Admittedly, it’s more difficult to save money to invest at the moment due to the rise in the cost of living. And winter is on the way, with our homes needing to be heated, which certainly isn’t cheap nowadays.
But if I want to build a substantial passive income stream, then I’m going to have to put my money to work somewhere. Here’s how I’d do this by building a portfolio of high-quality Footsie stocks.
Spending less than I earn
Unfortunately, the concept of living frugally sometimes attracts a bad reputation. That’s because it often gets conflated with living a Spartan existence devoid of any creature comforts.
But in my eyes, it simply means living within my means. I can still enjoy occasional luxuries.
More specifically, though, it means spending less than I earn so that I can put together a monthly savings amount, whether that’s £500, £1,000, or more.
For me, I think an amount between those two figures — say £750 — is realistic and could be a useful milestone to aim for.
Saving £750 each month would mean being able to invest £9,000 annually.
Choosing solid FTSE 100 shares
There are many high-quality FTSE 100 stocks I can choose from today. But I’d start with world-class companies that have a long history of growing their dividends and underlying value.
One good example here would be BAE Systems (LSE: BA.). As the world sadly becomes more unstable with multiple wars, governments are upping their military budgets. And many are increasingly turning to large defence contractors like BAE.
The company’s order backlog stood at a record £66.2bn at the end of June. That was before the Middle East erupted into conflict again.
While BAE has increased its dividend payout for decades, it currently only yields 2.5%.
However, it’s important to remember that this is a starting dividend yield. If the company can keep growing its earnings and payouts, then the yield relative to what I paid for my shares could grow from 2.5% to 3%, then 3.5%, 4%, and so on.
Additionally, I’d invest in some high-yield dividend shares to build out a diversified portfolio. This is crucial to minimise the impact of unexpected dividend cuts and share price declines.
BAE shares could fall if, for example, investors start to worry that the elevated level of military spending isn’t sustainable.
How quickly could I get to £10k in passive income?
Now, let’s assume I put £750 a month into FTSE 100 shares, reinvested my dividends, and achieved an average return of 7% a year. That return isn’t guaranteed, of course, but it’s the ballpark long-term average for the Footsie.
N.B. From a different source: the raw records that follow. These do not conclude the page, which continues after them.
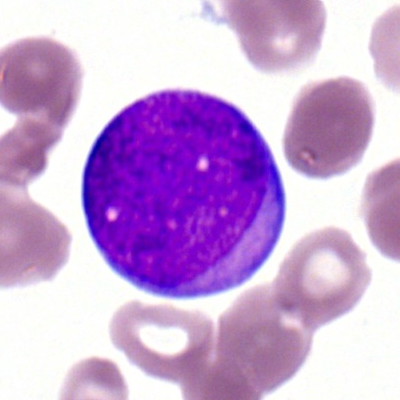

Showing a myeloid blast.
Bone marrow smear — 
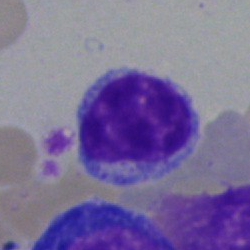

Morphology consistent with a lymphocyte.
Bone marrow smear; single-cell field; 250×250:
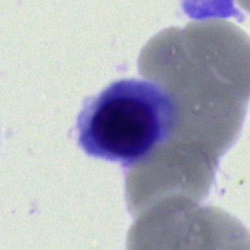
Single cell identified as a normoblast.
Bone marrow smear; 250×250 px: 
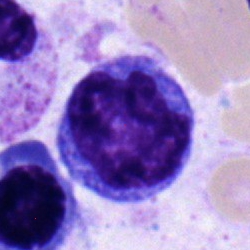
Morphological class: monocyte.
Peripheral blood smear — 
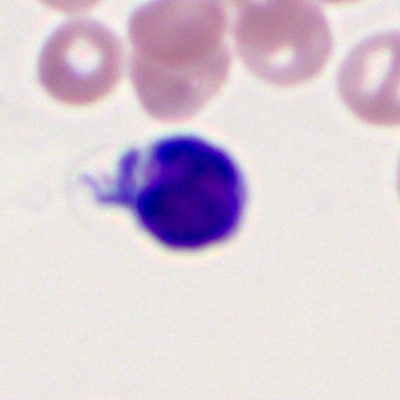Q: Identify the cell.
A: It is a typical lymphocyte.
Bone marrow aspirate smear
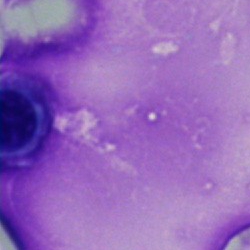

Impression — artifact.
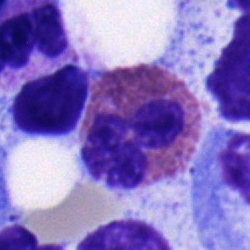

The cell type is eosinophil.
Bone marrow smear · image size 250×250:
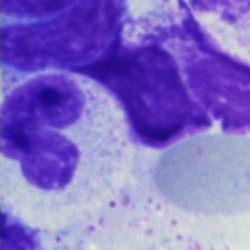The morphological class is cell of indeterminate lineage.
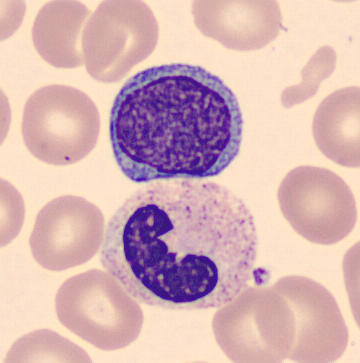Classification — neutrophil (band). Peripheral blood smear. 360×363 px. MGG-stained.
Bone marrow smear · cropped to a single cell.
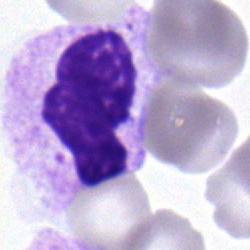 Single cell identified as a segmented neutrophil.
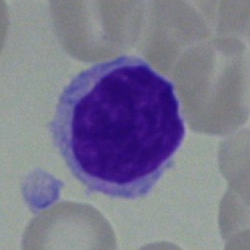 This is a typical lymphocyte.
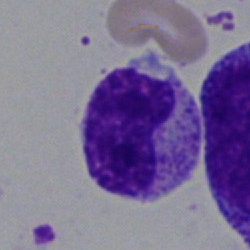

Morphology — metamyelocyte.
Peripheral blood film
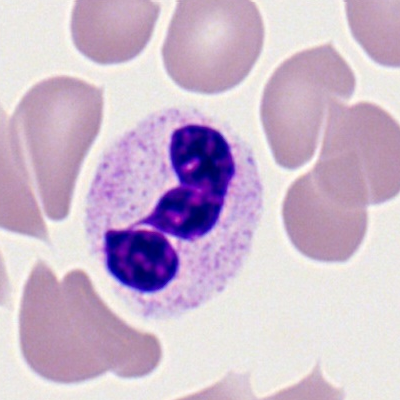

The cell shown is a neutrophil (segmented).
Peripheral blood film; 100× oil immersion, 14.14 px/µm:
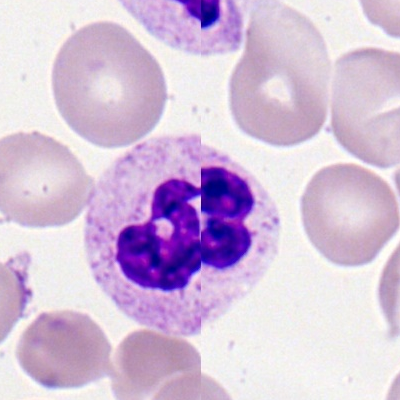

Specimen: peripheral blood film.
Classification: polymorphonuclear neutrophil.
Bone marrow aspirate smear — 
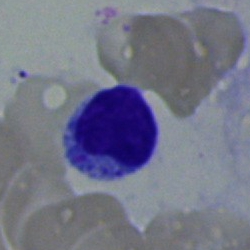
Q: What type of cell is this?
A: This is a lymphocyte.
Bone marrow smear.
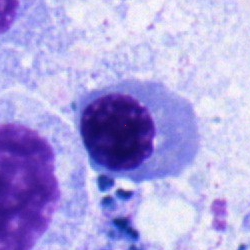
Classification = nucleated red blood cell.
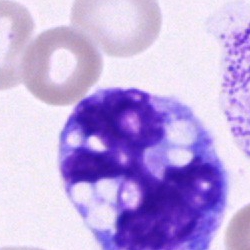

Morphology consistent with a monocyte.
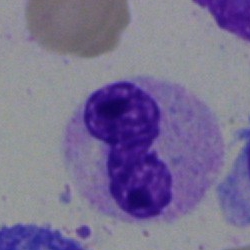 Q: Identify the cell.
A: This is a neutrophil (segmented).
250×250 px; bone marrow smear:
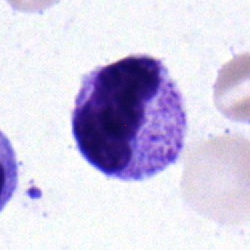
Morphology — stab cell.
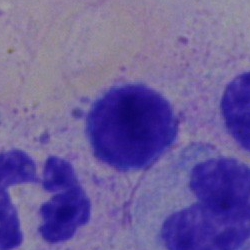

The cell is typical lymphocyte.

In this scenario, due to the power of compounding, my portfolio would reach a value of about £146,600 after 11 years.
If I then switched entirely to dividend stocks collectively yielding 7%, I’d have reached my £10,500 a year passive income target. The same principle of diversification would still apply though, with my portfolio invested in a wide range of companies to reduce the chance of underperformance.